William Tucker (January 7, 1588– February 17, 1643-44) settled in Jamestown of the Colony of Virginia in the early 17th century. He was a military commander. In May 1623, he offered a toast in a meeting with members of the Powhatan tribe. The wine that they had been given was a poisonous cocktail prepared by Dr. John Potts. It killed 200 Native Americans and another 50 were slain. He owned land with his brothers-in-law and was a member of the House of Burgesses, a commission of the peace, and was appointed to the Council.

Personal life
William Tucker was born in Cornwall on January 7, 1588 or in 1589. In 1610, he sailed on the Mary & James to Virginia. Tucker was married to Mary Thompson, who was born in 1599. Her father was Robert Thompson of Watton-at-Stone, Hertfordshire and her nephew was John Thompson, 1st Baron Haversham. 

She sailed with her brothers—William, George and Paul—on George and arrived in the colony in 1623. Tucker paid for the passage of his wife's brothers, for which he received 150 acres.
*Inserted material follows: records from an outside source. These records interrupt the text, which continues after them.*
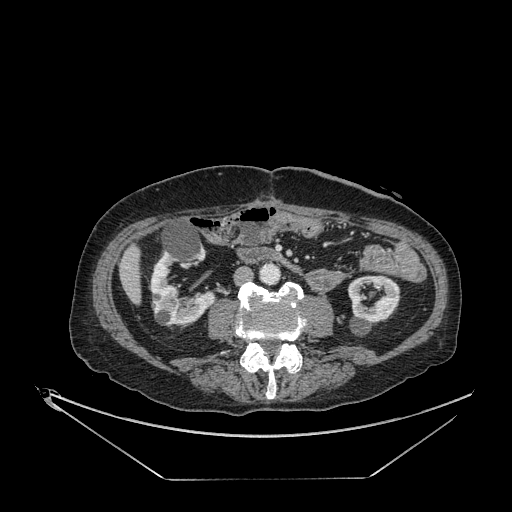 Liver | CT scan slice

The liver is located at 119,244,140,304. 3 kidney regions appear at 348,276,399,323; 196,248,204,260; 151,252,214,324.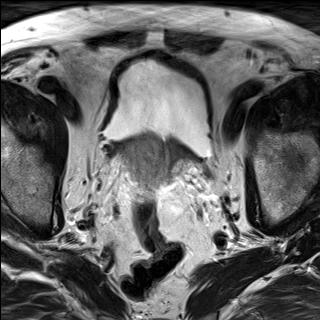
T2-weighted MR.
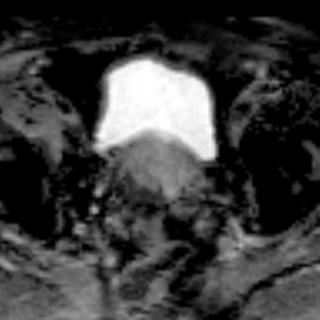
ADC MR.
Prostate
prostate transition zone: <box>125,135,193,195</box>
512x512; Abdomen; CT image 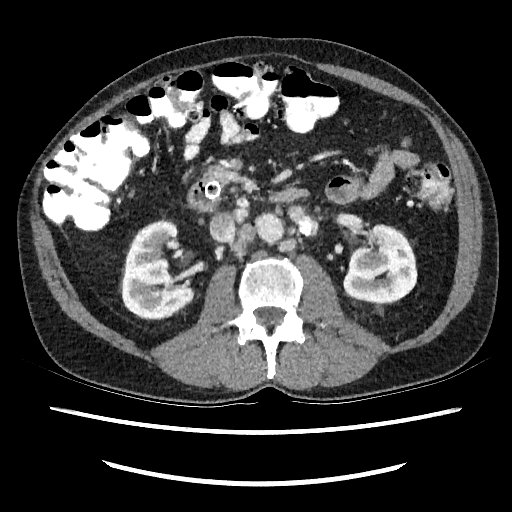

<segmentation>
  <kidney>bbox=[123, 222, 194, 322]; bbox=[344, 225, 416, 302]</kidney>
</segmentation>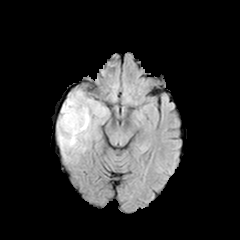
FLAIR MR.
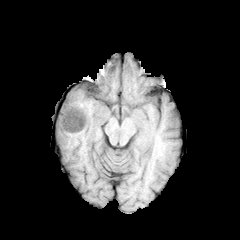
T1-weighted MR.
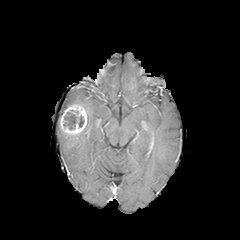
Post-contrast T1-weighted MR.
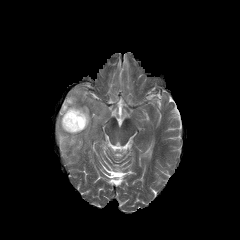
T2-weighted MRI.
Brain
edema:
  - <bbox>57, 90, 108, 160</bbox>
enhancing_tumor:
  - <bbox>59, 104, 86, 134</bbox>
non-enhancing_tumor_core:
  - <bbox>79, 116, 84, 127</bbox>
  - <bbox>63, 112, 76, 129</bbox>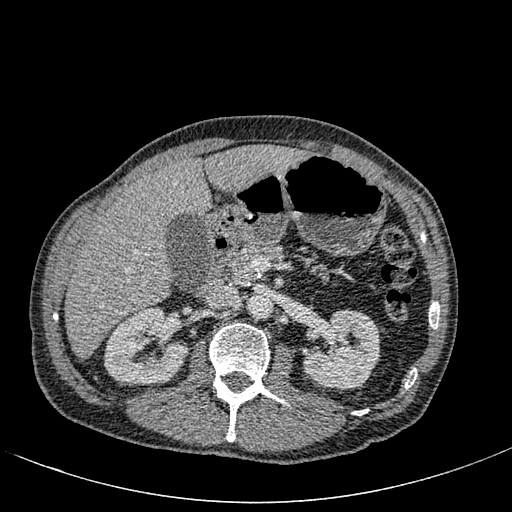
Liver. 512x512 px. CT slice.
{
  "kidney": [
    "[x1=104, y1=308, x2=187, y2=384]",
    "[x1=302, y1=310, x2=379, y2=389]"
  ],
  "liver": [
    "[x1=66, y1=146, x2=305, y2=358]"
  ]
}
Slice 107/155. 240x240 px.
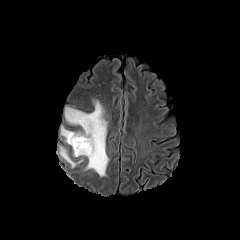
FLAIR MR image.
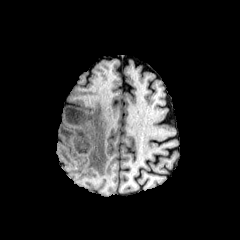
T1-weighted MR image of the same slice.
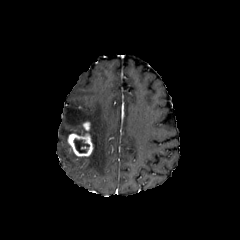
Post-contrast T1-weighted MRI.
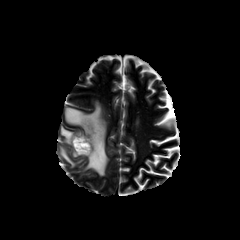
T2-weighted MR.
{"non-enhancing_tumor_core": ["74,137,89,153"], "enhancing_tumor": ["66,121,94,157"], "edema": ["64,100,109,177", "59,147,74,168", "60,125,72,141"]}
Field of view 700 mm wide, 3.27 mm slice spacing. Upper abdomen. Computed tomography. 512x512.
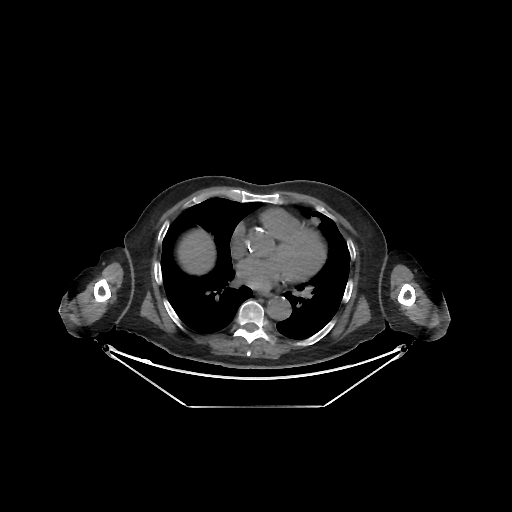
2 lung regions are bounded by 276,204,350,339; 160,197,262,334. 9 bone regions are located at 154,263,161,282; 94,279,110,302; 297,322,333,344; 242,191,278,202; 234,301,269,343; 164,301,180,326; 158,222,168,239; 343,281,352,301; 398,284,415,307. The liver lies within 179,231,213,272.

In 1624 or 1625, their daughter Elizabeth was born. They also had William, John, Roger, and Memory. He died on February 17, 1643-44 or in England, likely before 1640.

Career
He was a planter with 800 acres in Kecoughtan (later Elizabeth City). In 1617, he paid for the transportation of two men to the colony. He traveled to and from England during trading voyages, including in 1618, 1630, 1632, and 1633. Harris stated that "he was a shrewd and hard man of business". 

Tucker was one of the first subscribers of the Virginia Company. On June 20, 1619, he was elected to represent Kecoughtan for the first General Assembly of Virginia. He was a member of the Colony of Virginia in 1620. In 1623 and 1634, Tucker was a member of the House of Burgesses. Called Captain William Tucker, he was an envoy to the Pamunkey Native Americans for the colony. 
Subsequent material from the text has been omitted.